Plus who fights with swords anymore? I was never into swords, not even as a kid. The whole spin-around-and-strike-fighting move never made sense. Maybe that’s why I was more of a Han Solo kid growing up.
Episode Four—there are many hopes, I hope
Then there’s the idea that only a small handful of people are special, that the Force’s “chosen ones” will damn or save us, and that the Force is both good and evil, and somehow needs an army to rule the galaxy, even though the Force is already inside every atom of the galaxy. Or something.
May the Force be with you? The Force sounds awful. The Force is also with the evil guys, right?
Episode Five—the Empire always wins, then loses
The Empire builds a Death Star, and the rebels destroy it. The Empire builds another Death Star, and the rebels destroy it. The New “Order” builds a super Death Star, and—you guessed it! The Rebels destroy it.
The characters—scrappy smugglers, farm boys and scrapper girls, lost princesses, abandoned children, and no-name nobodies who are chosen by the Force—are wonderful motifs, but they’re overused, even in the same series. And in most religions and cults.

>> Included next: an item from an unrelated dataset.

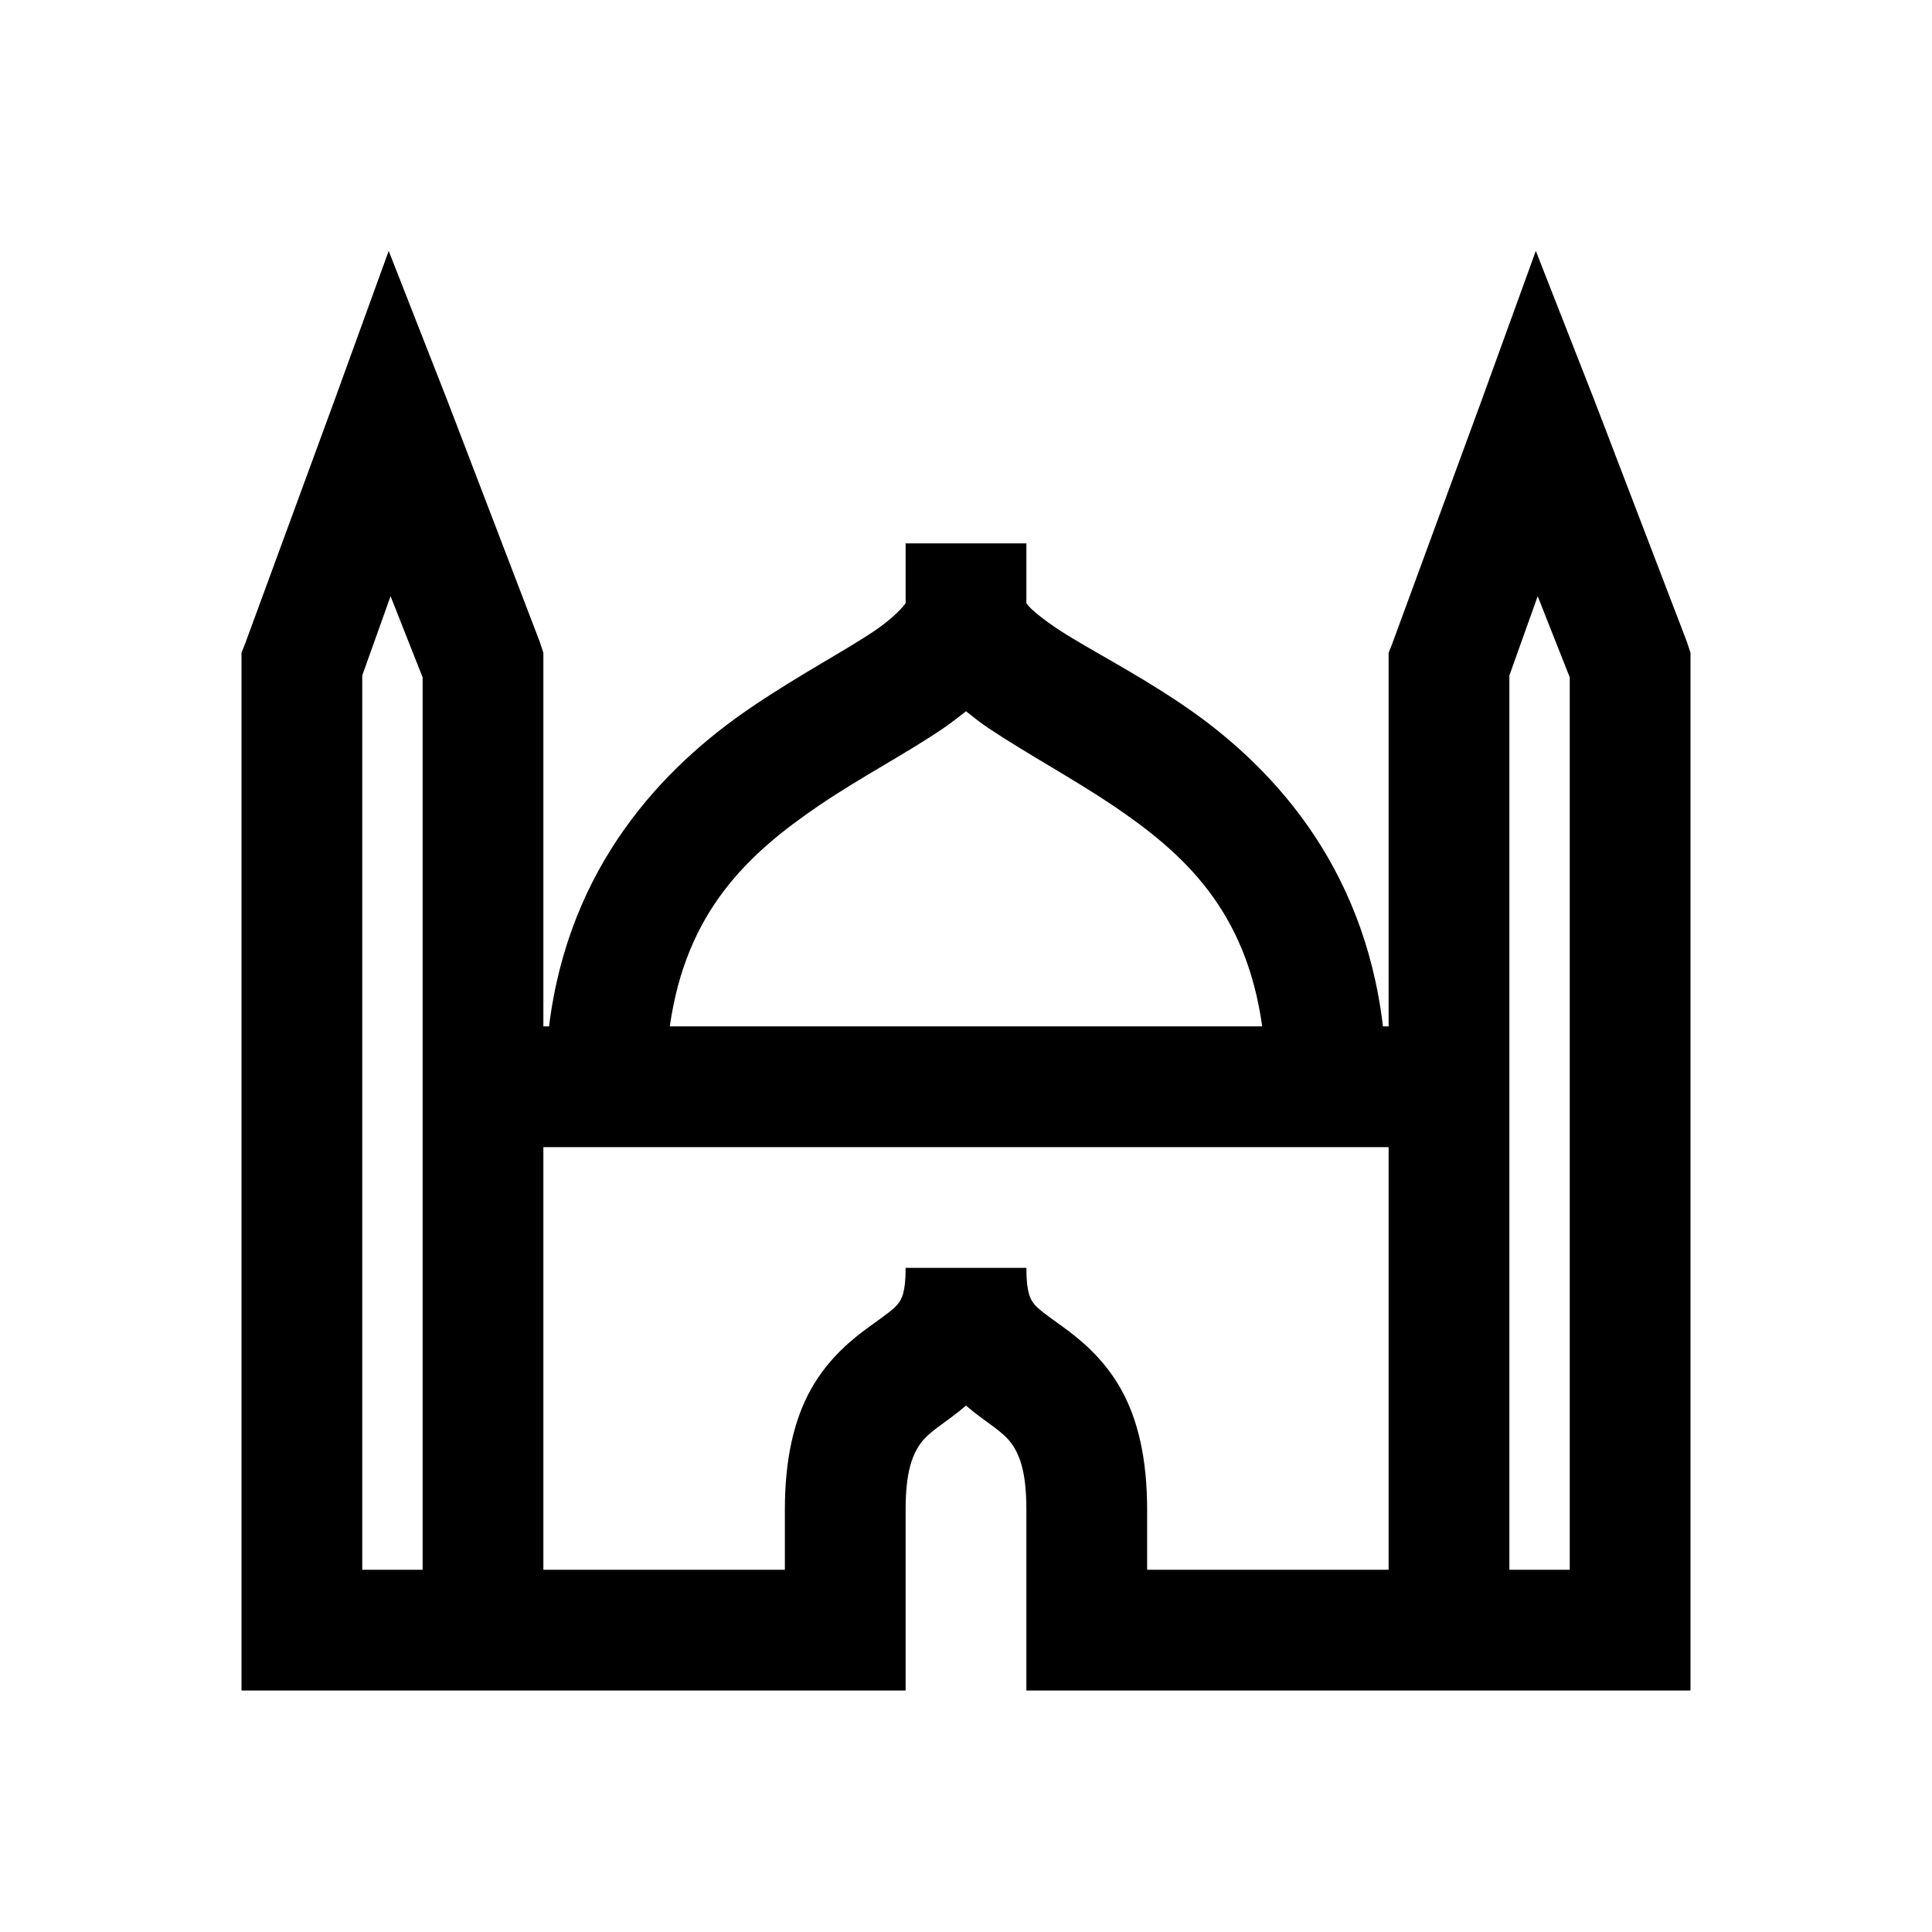<svg xmlns="http://www.w3.org/2000/svg" viewBox="0 0 32 32"><path d="M 6.438 4.156 L 5.531 6.656 L 4.062 10.656 L 4 10.812 L 4 28 L 15 28 L 15 25 C 15 24.41 15.102 24.152 15.188 24 C 15.273 23.848 15.371 23.758 15.594 23.594 C 15.707 23.512 15.84 23.418 16 23.281 C 16.16 23.418 16.293 23.512 16.406 23.594 C 16.629 23.758 16.727 23.848 16.812 24 C 16.898 24.152 17 24.41 17 25 L 17 28 L 28 28 L 28 10.812 L 27.938 10.625 L 26.406 6.625 L 25.438 4.156 L 24.531 6.656 L 23.062 10.656 L 23 10.812 L 23 17 L 22.906 17 C 22.586 14.289 21.02 12.637 19.562 11.656 C 18.75 11.109 17.98 10.727 17.5 10.406 C 17.262 10.246 17.094 10.105 17.031 10.031 C 16.969 9.957 17 9.988 17 10 L 17 9 L 15 9 L 15 10 C 15 9.988 15.031 9.953 14.969 10.031 C 14.906 10.109 14.742 10.273 14.5 10.438 C 14.02 10.766 13.25 11.168 12.438 11.719 C 10.988 12.703 9.422 14.336 9.094 17 L 9 17 L 9 10.812 L 8.938 10.625 L 7.406 6.625 Z M 6.469 9.875 L 7 11.219 L 7 26 L 6 26 L 6 11.188 Z M 25.469 9.875 L 26 11.219 L 26 26 L 25 26 L 25 11.188 Z M 16 11.781 C 16.125 11.879 16.246 11.977 16.375 12.062 C 17.02 12.492 17.75 12.883 18.438 13.344 C 19.617 14.141 20.637 15.078 20.906 17 L 11.094 17 C 11.363 15.102 12.379 14.148 13.562 13.344 C 14.25 12.875 14.98 12.5 15.625 12.062 C 15.754 11.973 15.875 11.879 16 11.781 Z M 9 19 L 23 19 L 23 26 L 19 26 L 19 25 C 19 24.176 18.852 23.512 18.562 23 C 18.273 22.488 17.871 22.168 17.594 21.969 C 17.316 21.77 17.184 21.672 17.125 21.594 C 17.066 21.516 17 21.414 17 21 L 15 21 C 15 21.414 14.934 21.516 14.875 21.594 C 14.816 21.672 14.684 21.77 14.406 21.969 C 14.129 22.168 13.727 22.488 13.438 23 C 13.148 23.512 13 24.176 13 25 L 13 26 L 9 26 Z"/></svg>

Episode Six—teddy bears and ghosts? There is nothing to learn here
If everyone who dies and gets killed can exist in the spirit realm for training, then…what? Why fight and kill while you’re “alive” if being alive isn’t really a real thing for the Sith and Jedi, who can train and fight as ghosts?
I’m losing my damn non-Jedi mind.
Episode Seven—my ennui awakens
So it happened. While watching SW7: TFA I realized that I was done, that I had to break up with SW, but that I would probably watch the next 50 Disney-ordered SW episodes the same way I excitedly watch anything Marvel puts out without really caring about it in a deep, life-affirming way.
I love the stuff, I just don’t love the stuff the way I once did. I’m sorry. I got old.
So where do I go now?
The answer? Star Trek. I will never be done with Star Trek. Never.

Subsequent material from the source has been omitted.